→ **Exercise details**
Every record below is to be restated verbatim, though its images are not.

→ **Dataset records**
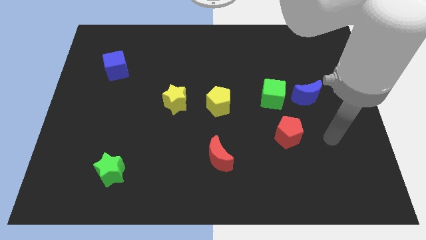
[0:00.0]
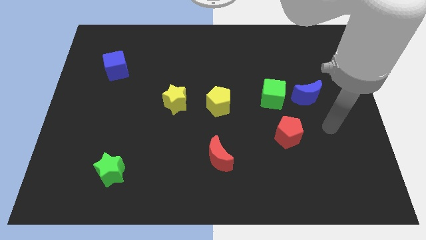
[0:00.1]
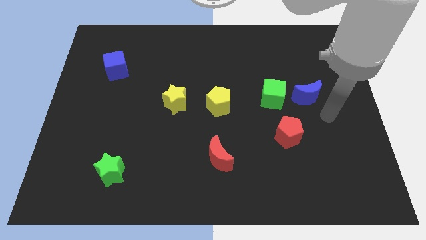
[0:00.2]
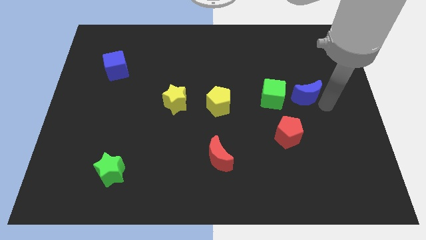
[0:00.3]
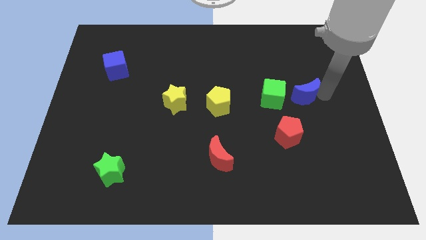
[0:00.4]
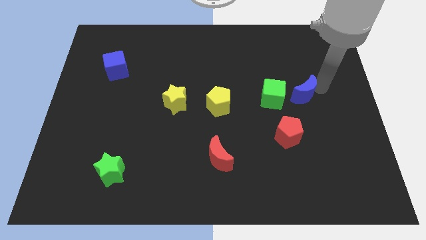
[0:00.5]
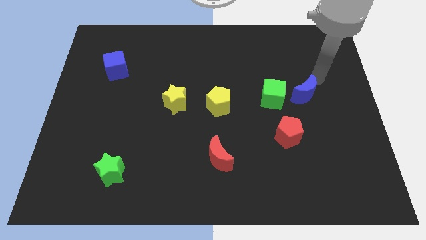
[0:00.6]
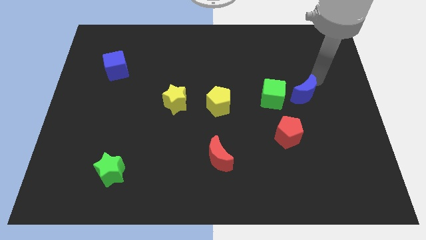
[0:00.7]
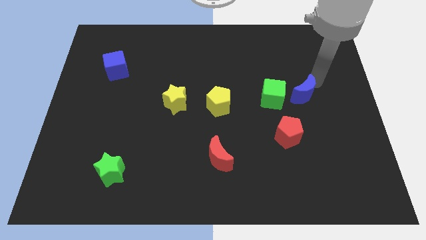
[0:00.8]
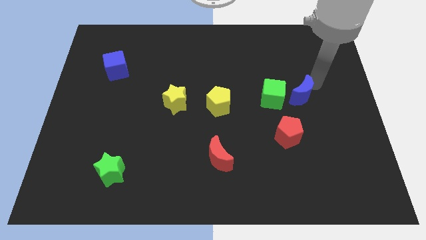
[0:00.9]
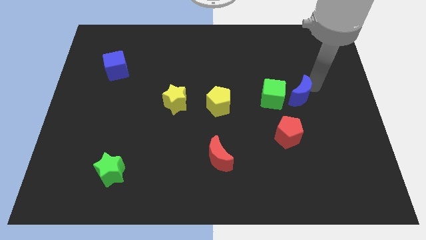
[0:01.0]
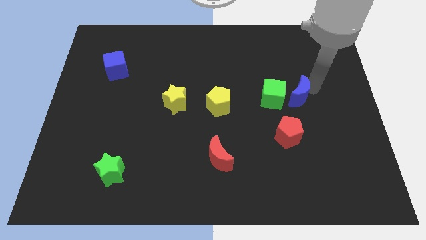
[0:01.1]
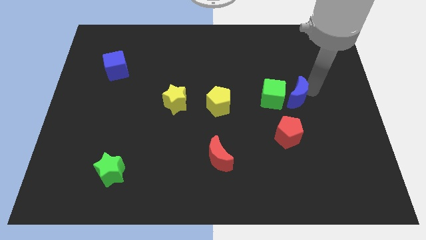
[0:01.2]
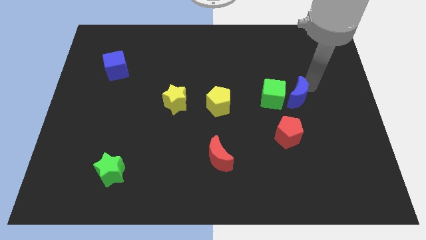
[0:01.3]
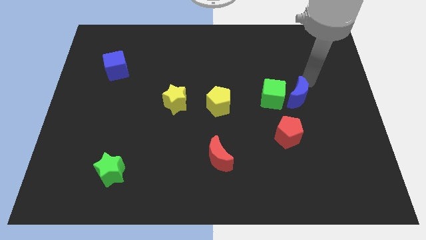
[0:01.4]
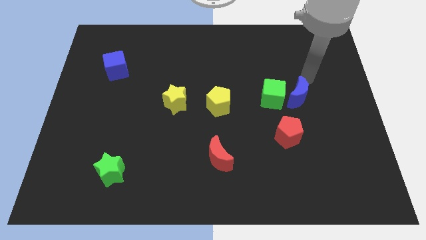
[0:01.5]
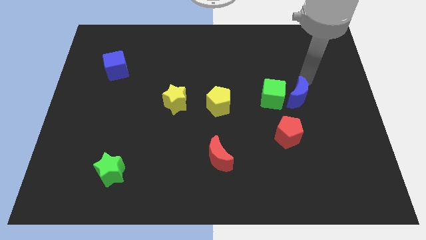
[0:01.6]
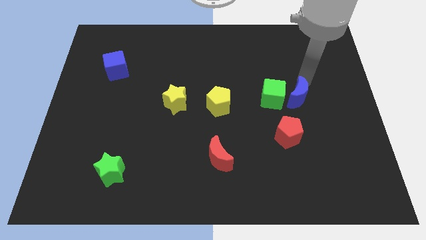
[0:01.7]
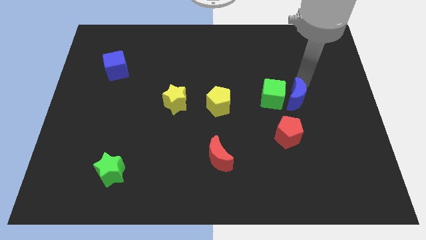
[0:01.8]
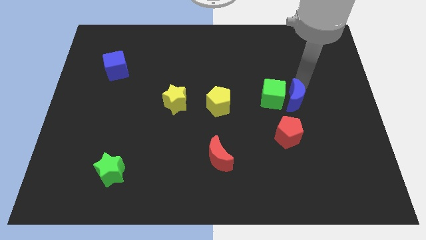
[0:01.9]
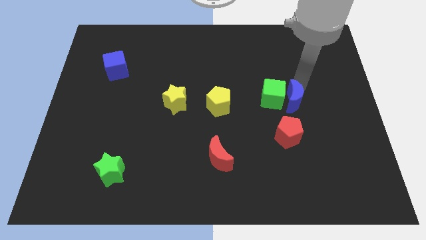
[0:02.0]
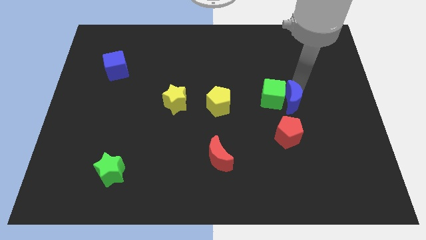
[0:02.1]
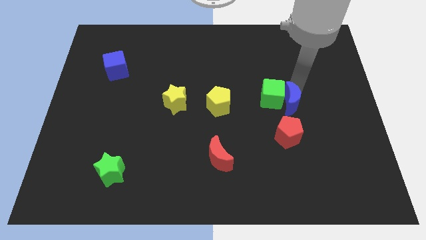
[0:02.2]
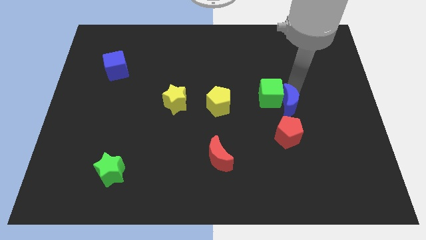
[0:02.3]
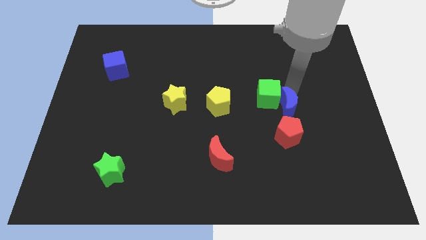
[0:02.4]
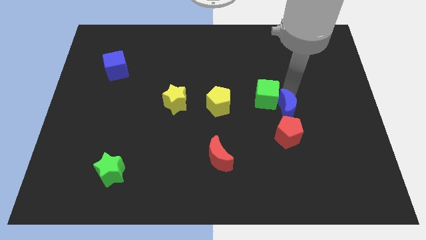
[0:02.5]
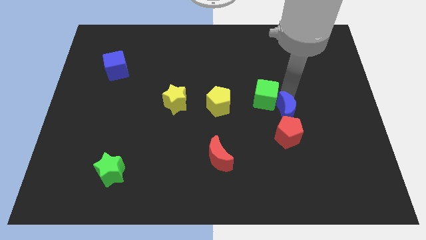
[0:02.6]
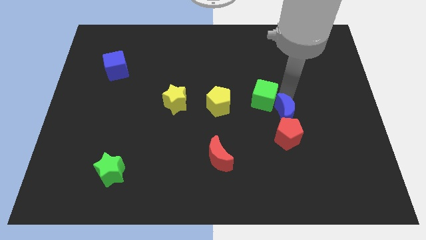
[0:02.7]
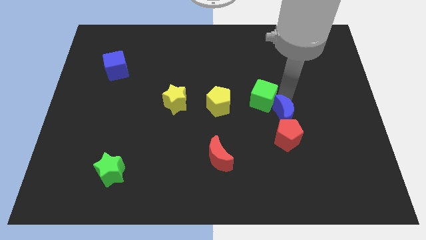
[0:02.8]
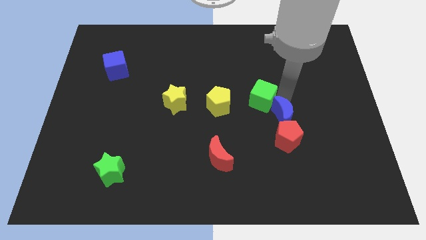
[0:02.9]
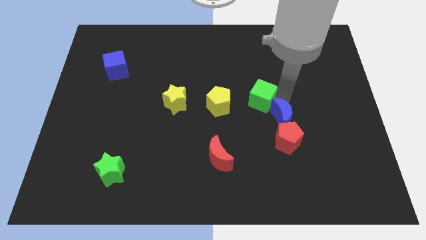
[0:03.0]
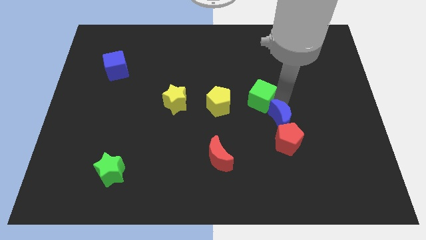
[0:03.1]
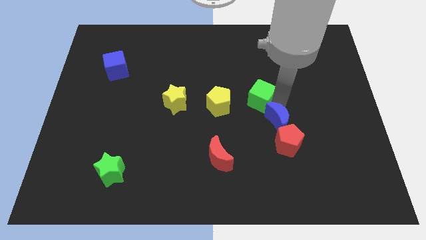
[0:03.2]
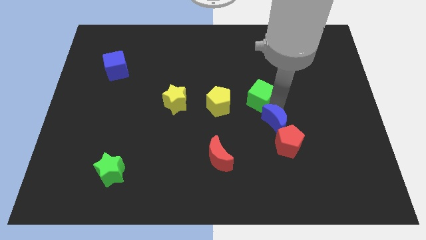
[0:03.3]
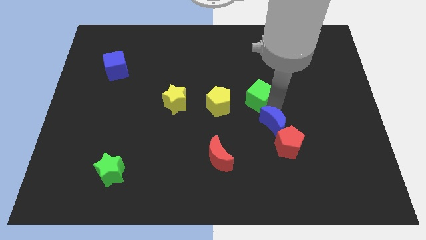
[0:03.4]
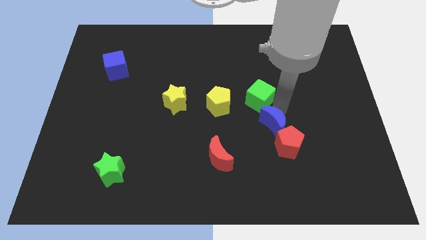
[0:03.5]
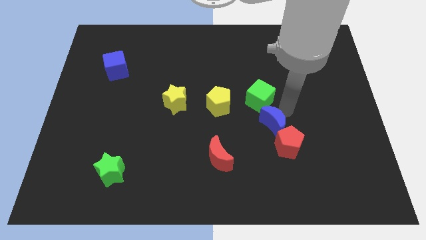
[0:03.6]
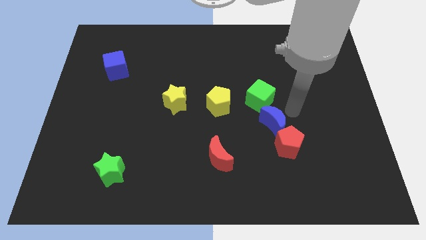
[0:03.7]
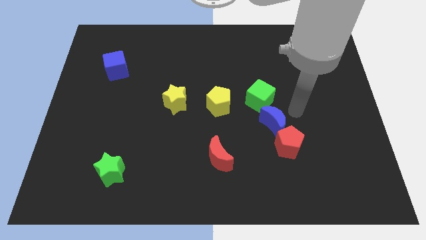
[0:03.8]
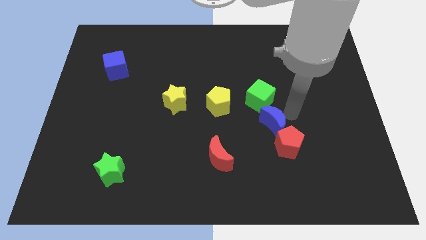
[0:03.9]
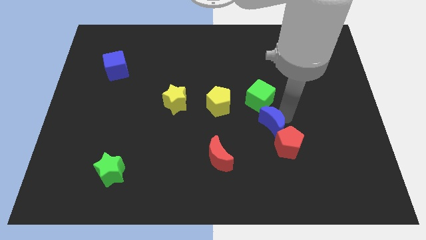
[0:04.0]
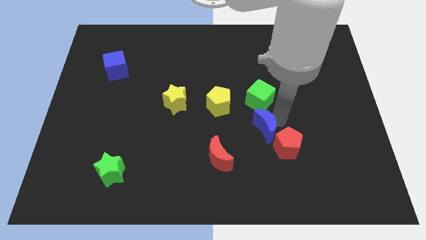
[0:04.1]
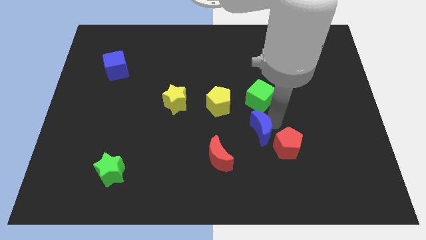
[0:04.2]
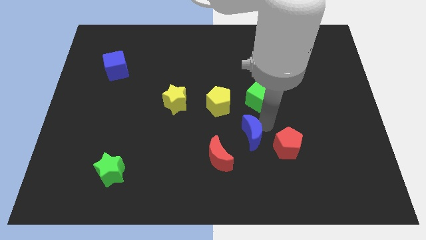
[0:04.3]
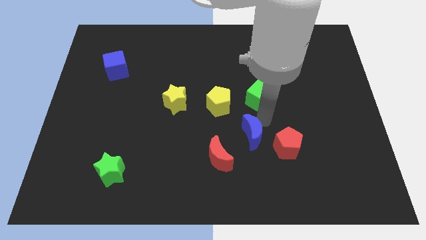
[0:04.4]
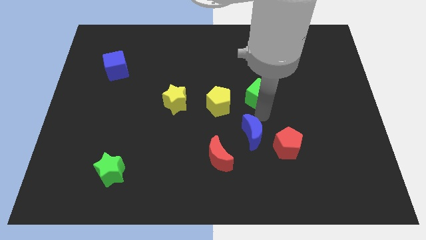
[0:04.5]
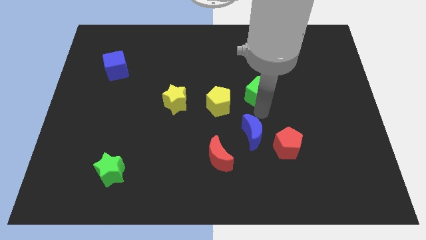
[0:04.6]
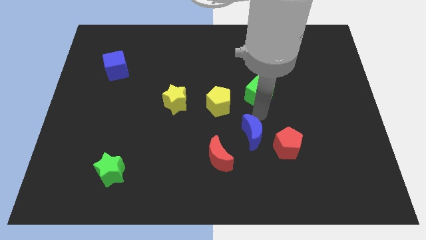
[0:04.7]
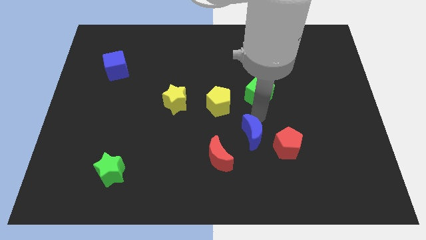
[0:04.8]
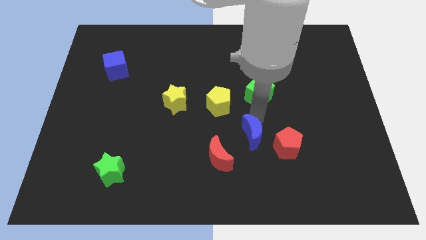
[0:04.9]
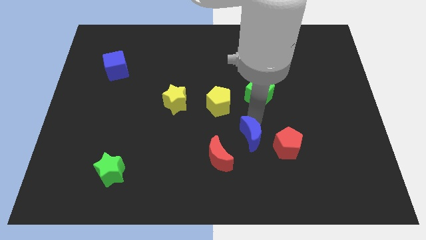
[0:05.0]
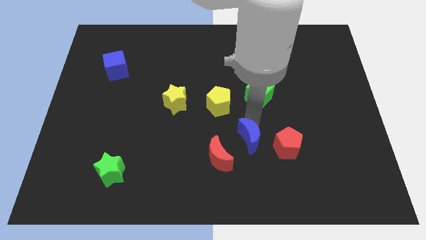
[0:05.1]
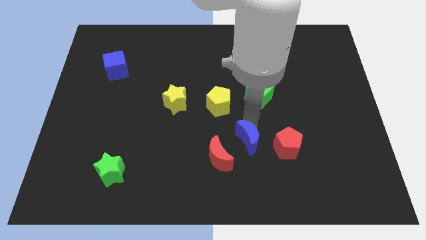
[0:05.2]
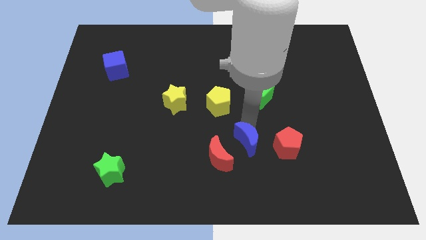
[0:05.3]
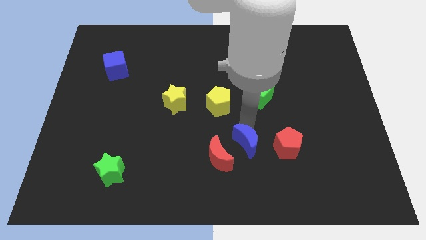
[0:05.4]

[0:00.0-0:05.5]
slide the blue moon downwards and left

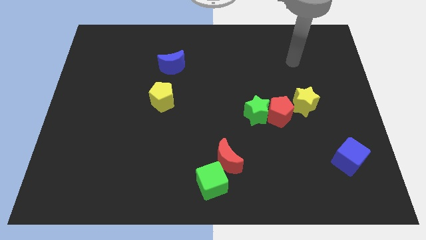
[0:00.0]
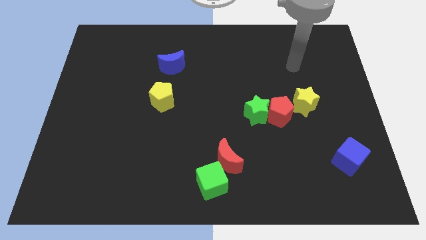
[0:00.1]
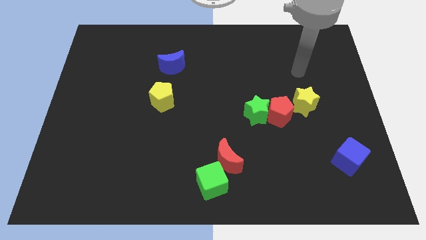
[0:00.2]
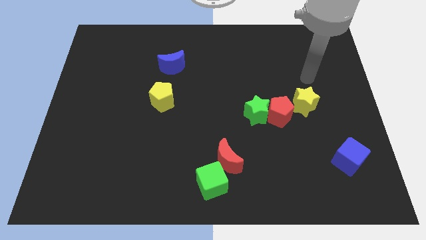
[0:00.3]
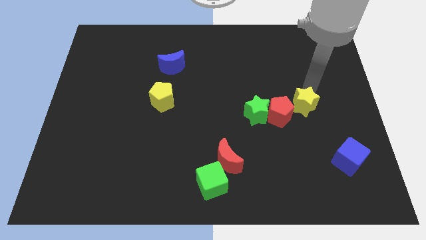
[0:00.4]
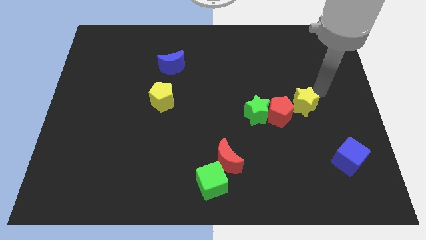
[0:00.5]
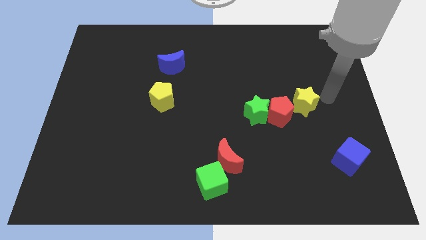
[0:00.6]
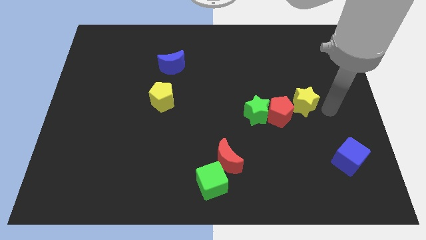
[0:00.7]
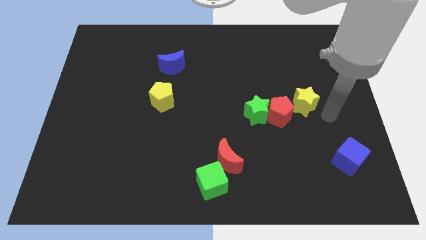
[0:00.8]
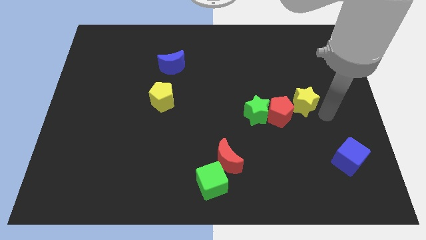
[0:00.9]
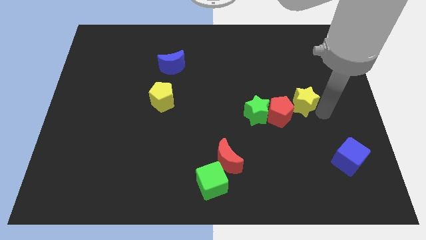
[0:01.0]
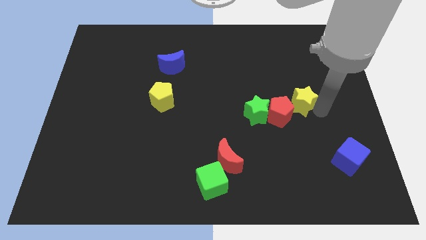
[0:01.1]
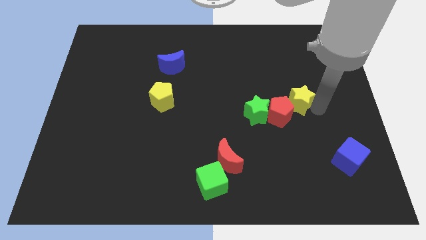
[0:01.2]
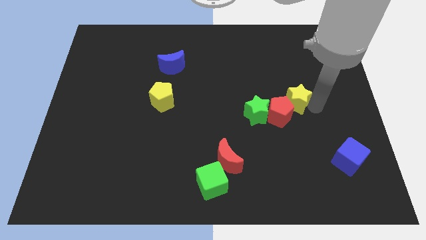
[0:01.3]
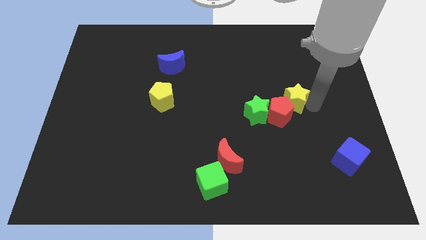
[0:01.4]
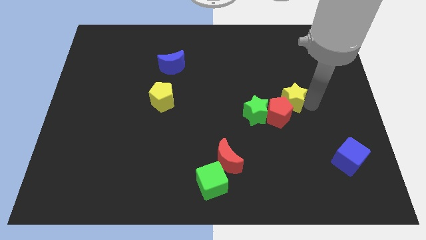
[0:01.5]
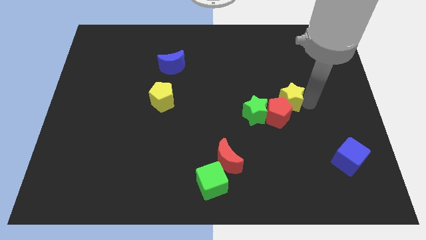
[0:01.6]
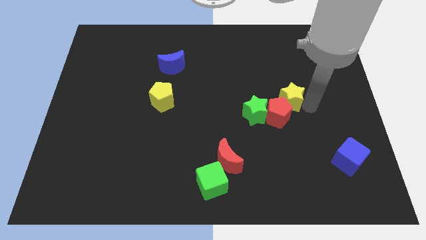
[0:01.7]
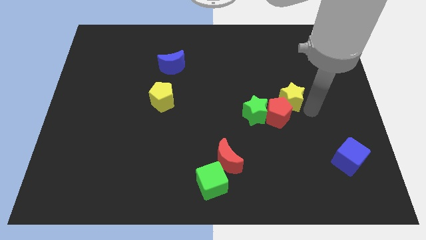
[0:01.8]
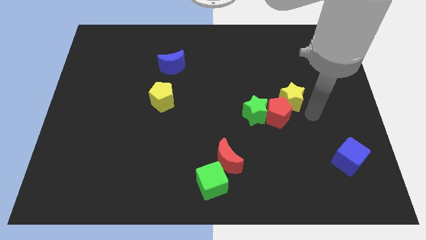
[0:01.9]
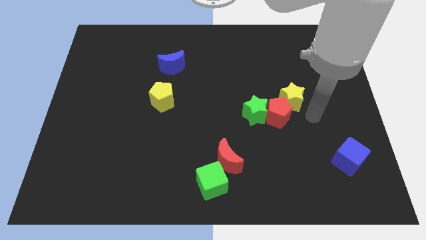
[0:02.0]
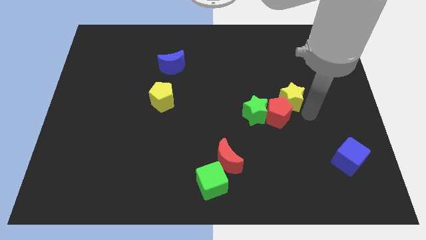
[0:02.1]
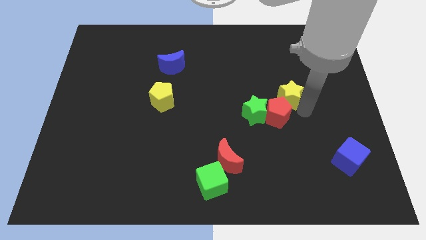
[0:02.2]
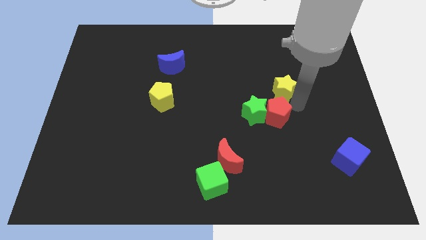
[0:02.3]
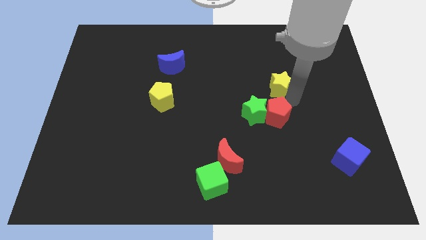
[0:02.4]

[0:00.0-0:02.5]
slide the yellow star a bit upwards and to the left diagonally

→ **Answer to this problem**
[0:00.0]
[0:00.1]
[0:00.2]
[0:00.3]
[0:00.4]
[0:00.5]
[0:00.6]
[0:00.7]
[0:00.8]
[0:00.9]
[0:01.0]
[0:01.1]
[0:01.2]
[0:01.3]
[0:01.4]
[0:01.5]
[0:01.6]
[0:01.7]
[0:01.8]
[0:01.9]
[0:02.0]
[0:02.1]
[0:02.2]
[0:02.3]
[0:02.4]
[0:02.5]
[0:02.6]
[0:02.7]
[0:02.8]
[0:02.9]
[0:03.0]
[0:03.1]
[0:03.2]
[0:03.3]
[0:03.4]
[0:03.5]
[0:03.6]
[0:03.7]
[0:03.8]
[0:03.9]
[0:04.0]
[0:04.1]
[0:04.2]
[0:04.3]
[0:04.4]
[0:04.5]
[0:04.6]
[0:04.7]
[0:04.8]
[0:04.9]
[0:05.0]
[0:05.1]
[0:05.2]
[0:05.3]
[0:05.4]

[0:00.0-0:05.5]
slide the blue moon downwards and left

[0:00.0]
[0:00.1]
[0:00.2]
[0:00.3]
[0:00.4]
[0:00.5]
[0:00.6]
[0:00.7]
[0:00.8]
[0:00.9]
[0:01.0]
[0:01.1]
[0:01.2]
[0:01.3]
[0:01.4]
[0:01.5]
[0:01.6]
[0:01.7]
[0:01.8]
[0:01.9]
[0:02.0]
[0:02.1]
[0:02.2]
[0:02.3]
[0:02.4]

[0:00.0-0:02.5]
slide the yellow star a bit upwards and to the left diagonally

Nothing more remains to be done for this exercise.